Harry Busse never moved from his hometown but considers his hiring as the village police chief as a homecoming of sorts.
A Milton Union High School graduate who continues to live just outside town in Union Twp., Busse’s police career was centered down the road in Vandalia for more than 30 years.
Following retirement last summer, he found a job opportunity in his own backyard with the coming retirement of police Chief Garry Kimpel.
“This is literally five minutes from my house,” Busse said from his new office at the Municipal Building. “I went to school here. There are business owners in town I went to school with, people I go to church with. I started thinking about it, and it was truly like coming home.”
Busse and wife, Rita, have four grown children and 12 grandchildren. His mother, Bonnie, lives near the village.
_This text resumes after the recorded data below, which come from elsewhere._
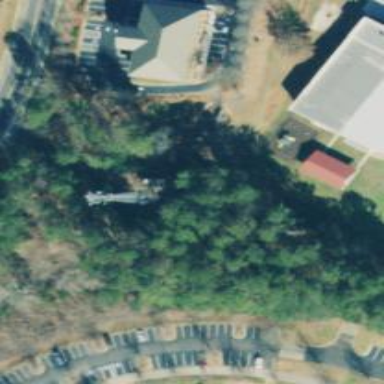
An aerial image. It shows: Mast tower used for communication.
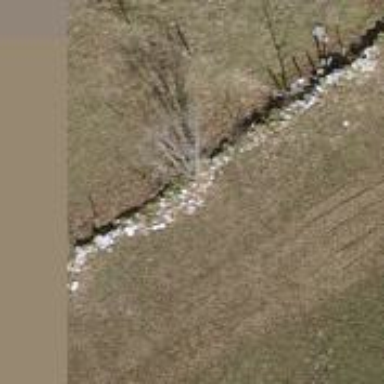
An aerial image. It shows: Fence is in the image.
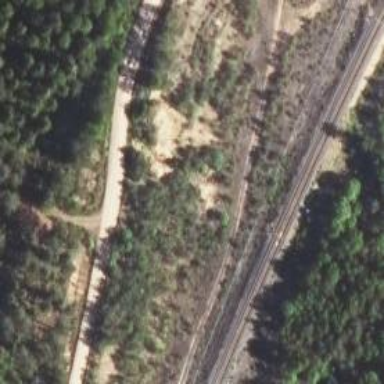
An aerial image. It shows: Abandoned railway.
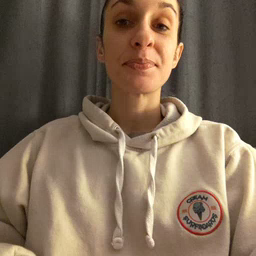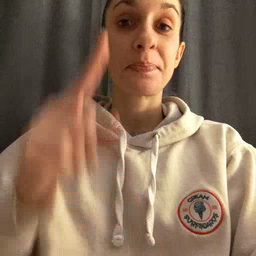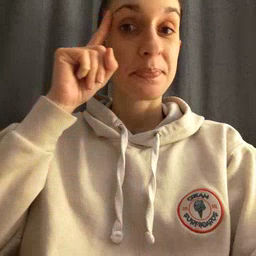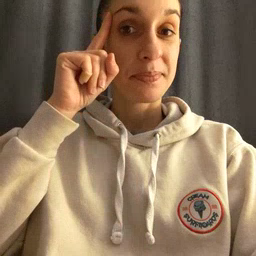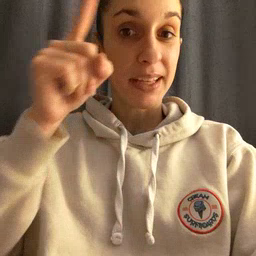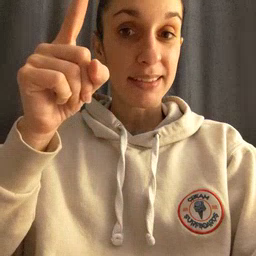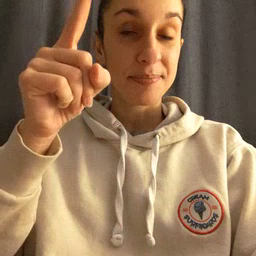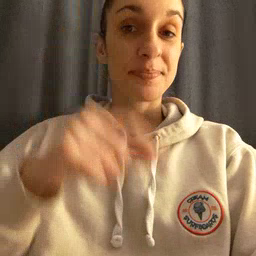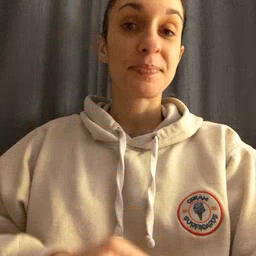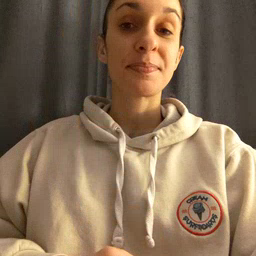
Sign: penny

After growing up on the family farm, Busse worked at Smedley’s Chevrolet in Vandalia while attending Wright State University. The business worked on police cruisers from various area agencies and Busse became acquainted with several police officers from Vandalia. After a couple of officers suggested he look into the department’s reserve police program, he applied.
He went through the police academy and started in an unpaid reserve role with Vandalia police in May 1980 working mostly nights and weekends.
“I liked the work,” Busse said, even though he wasn’t paid.
When a full-time position opened, he took the test and was hired as a full-time officer in September 1981.
He worked as a patrol, crime prevention and school programs officer before being promoted to patrol sergeant. He also worked as a firearms instructor and training officer before becoming a lieutenant in 1998. He was an administrative lieutenant and then operations lieutenant.
He was sworn in Dec. 10.
As one of eight officers in the West Milton department, he said he helps on the street when he can, responding on calls when a second officer could be needed. “The guys here do a great job,” Busse said.
He said he enjoys listening and talking with people, skills that come in handy on the job.
“I do enjoy helping people … . Even though there has been some bad press, the majority of the men and women in the job do a great job keeping their jurisdictions safe.”
He’d like village residents to keep an eye out. “Without their help, there is no way we could keep the city as safe as we do. If we have everybody watching, I have a lot more eyes,” Busse said.